Exercise description
Word for word, restate the records that come next, omitting the images.

(Records from a collection)
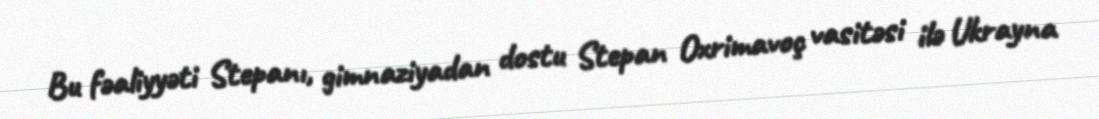
Bu fəaliyyəti Stepanı, gimnaziyadan dostu Stepan Oxrimavoç vasitəsi ilə Ukrayna
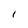
Character: I
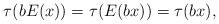
LaTeX: \begin{align*}\tau(bE(x))=\tau(E(bx))=\tau(bx),\end{align*}
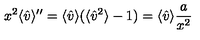
x ^ { 2 } \langle { \hat { v } } \rangle ^ { \prime \prime } = \langle { \hat { v } } \rangle ( \langle { \hat { v } } ^ { 2 } \rangle - 1 ) = \langle { \hat { v } } \rangle { \frac { a } { x ^ { 2 } } }
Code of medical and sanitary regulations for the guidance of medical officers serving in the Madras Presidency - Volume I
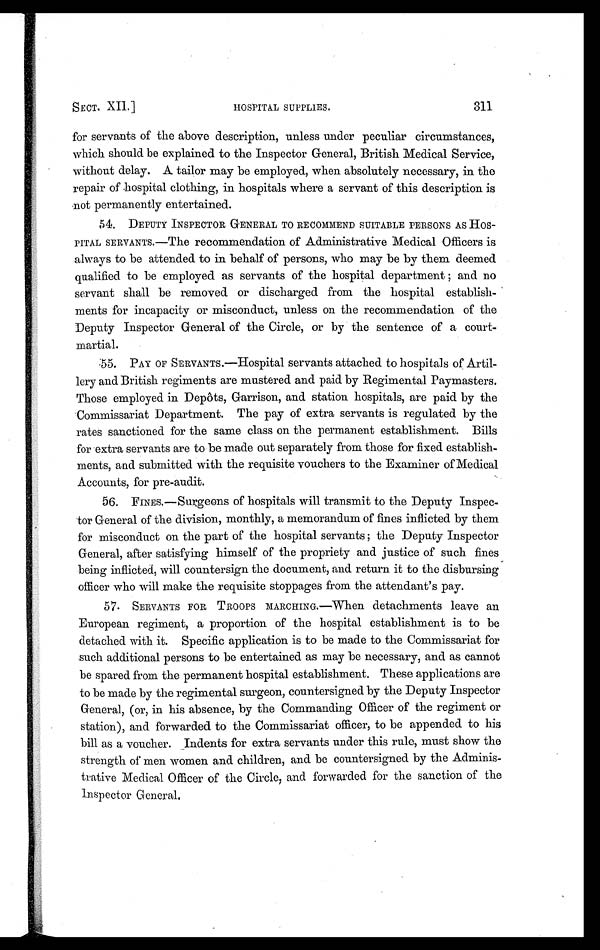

Output below
Bu fəaliyyəti Stepanı, gimnaziyadan dostu Stepan Oxrimavoç vasitəsi ilə Ukrayna
Character: I
LaTeX: \begin{align*}\tau(bE(x))=\tau(E(bx))=\tau(bx),\end{align*}
x ^ { 2 } \langle { \hat { v } } \rangle ^ { \prime \prime } = \langle { \hat { v } } \rangle ( \langle { \hat { v } } ^ { 2 } \rangle - 1 ) = \langle { \hat { v } } \rangle { \frac { a } { x ^ { 2 } } }
Code of medical and sanitary regulations for the guidance of medical officers serving in the Madras Presidency - Volume I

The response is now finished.